Letter from the Editor, Dear Readers

As many magazines do, we planned this issue well in advance of the turmoil that has since taken place in 2021. We were looking ahead to a brighter and happier New Year. However, an issue full of our favorite cuisines and comfort foods may be needed now more than ever. The Chews Letter was created to not only fill our bellies, but our souls. Food is a language in and of itself, and we use it to communicate more than we probably realize.

This time of year, many are seeking healthy alternatives like the Creamy Lentil Curry on page 24 and the Espresso and Oat Maple Smoothie from Tapped Maple Syrup on page 21. If you are like me when times get tough, you might be looking for items that fill your soul and provide contentment like the Keto-Friendly Vegan Mini Peanut Butter Cups on page 26 or Brownie Cookies on page 48.

Favorite dishes are about more than just flavor. They are about the memories they evoke, the preparation involved, and the people who sit at our table. Chef Kenny Gilbert worried that the crowds would not come to his new restaurant when it opened late in 2020. A risky venture to open during the COVID-19 pandemic, to be sure, but where there is good food, especially with a menu like you find at Silkie’s and a local favorite chef preparing the cuisine, the people will come, as we learn in his story on page 11.

Perhaps the best example of the memories inspired by food is the story of Cynthia McFarland’s potato soup found on page 28. She speaks about her mother, the recipe scrawled in her mother’s hand, and the coziness she finds when making and eating the soup.
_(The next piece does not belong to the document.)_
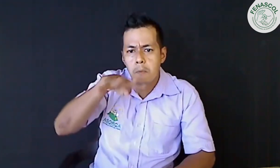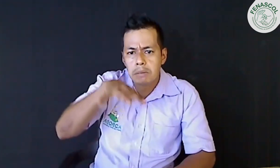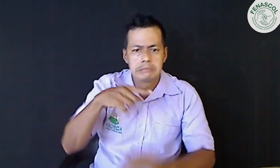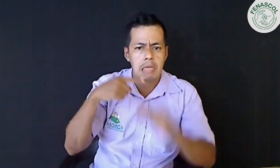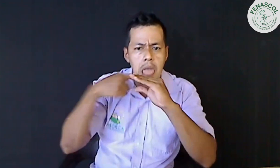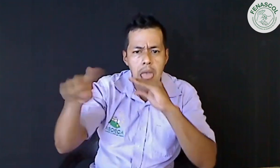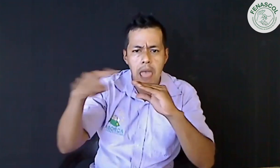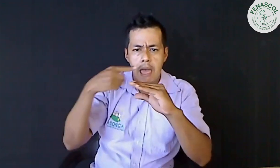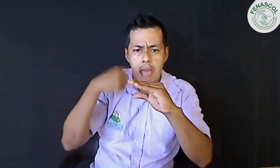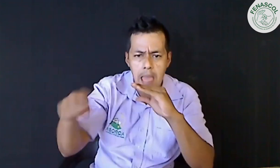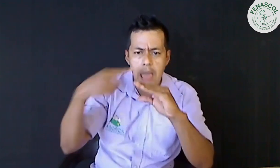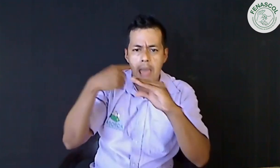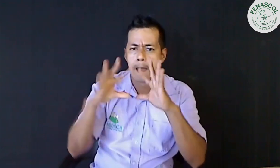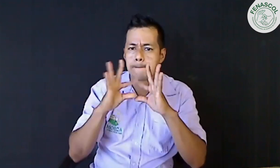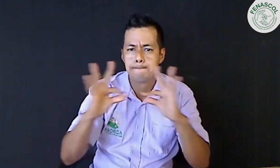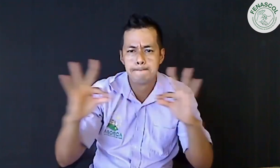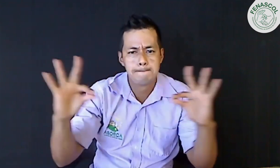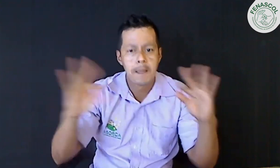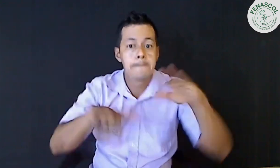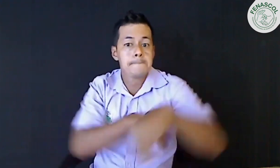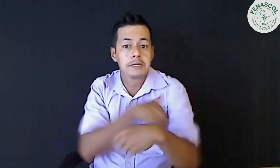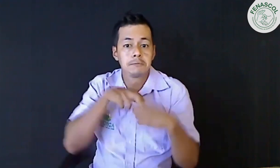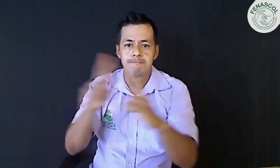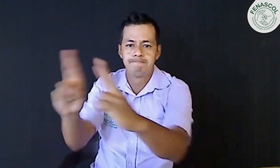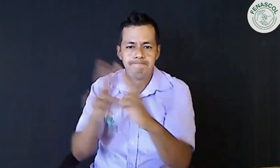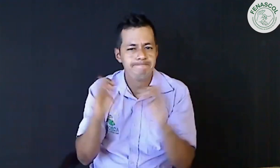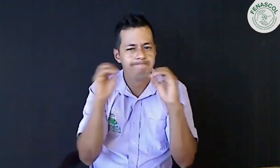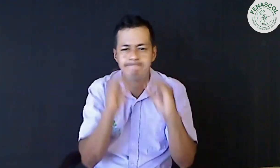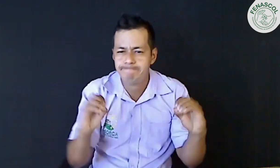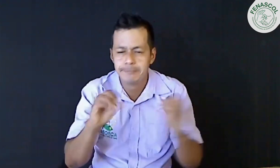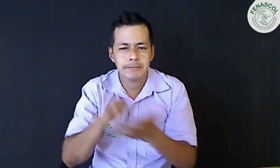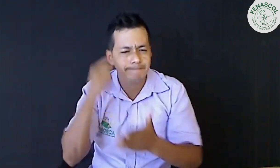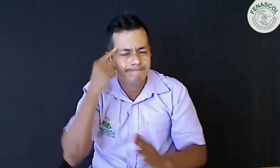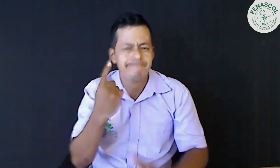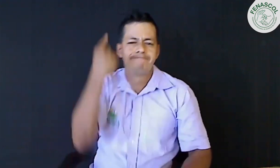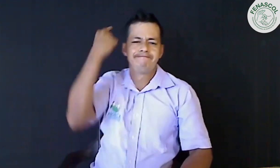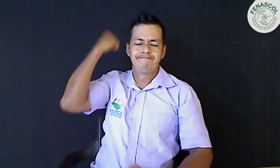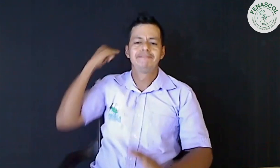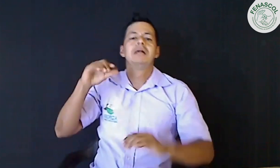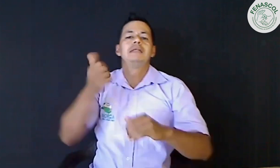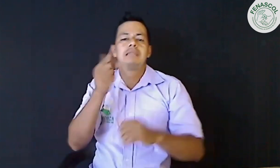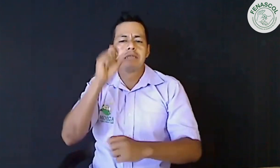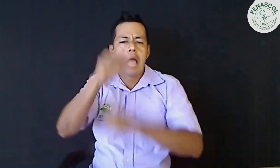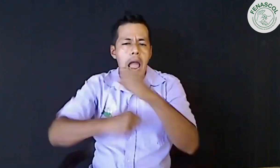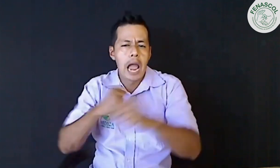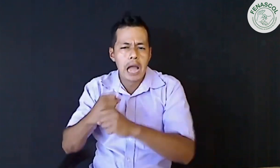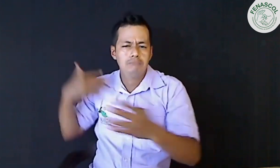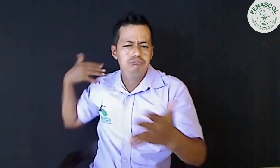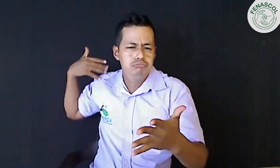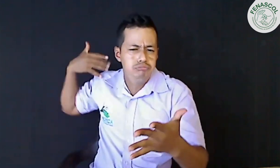Después de cuatro meses de no recibir respuesta por parte del Ministerio de Transporte y además de

It was a simple recipe that she has tweaked to her palate over the years, but in collaboration with Chef Patrice Perron and Elodie Guinard Perron, has taken traditions from France to add more layers and memories to that humble soup.

Speaking of traditions surviving the test of time, Joy Conley tells us the story of how using old world recipes has helped her to grow a thriving Etsy business in this issue’s Snack Sheet on page 19. And what would an issue full of favorites be without a look at appetizers and cocktails from the 1920s? It may, at times, feel like this decade is overdone, but there is a reason that we keep looking back and theming parties with deviled eggs and art deco decoration. If you are as intrigued as I am with the simple finger foods and then outlawed cocktails that emerged a hundred years ago, then you will not want to miss the story on page 40.

I hope this issue provides you with some newfound favorite recipes and plenty of comfort as we dive headfirst into 2021.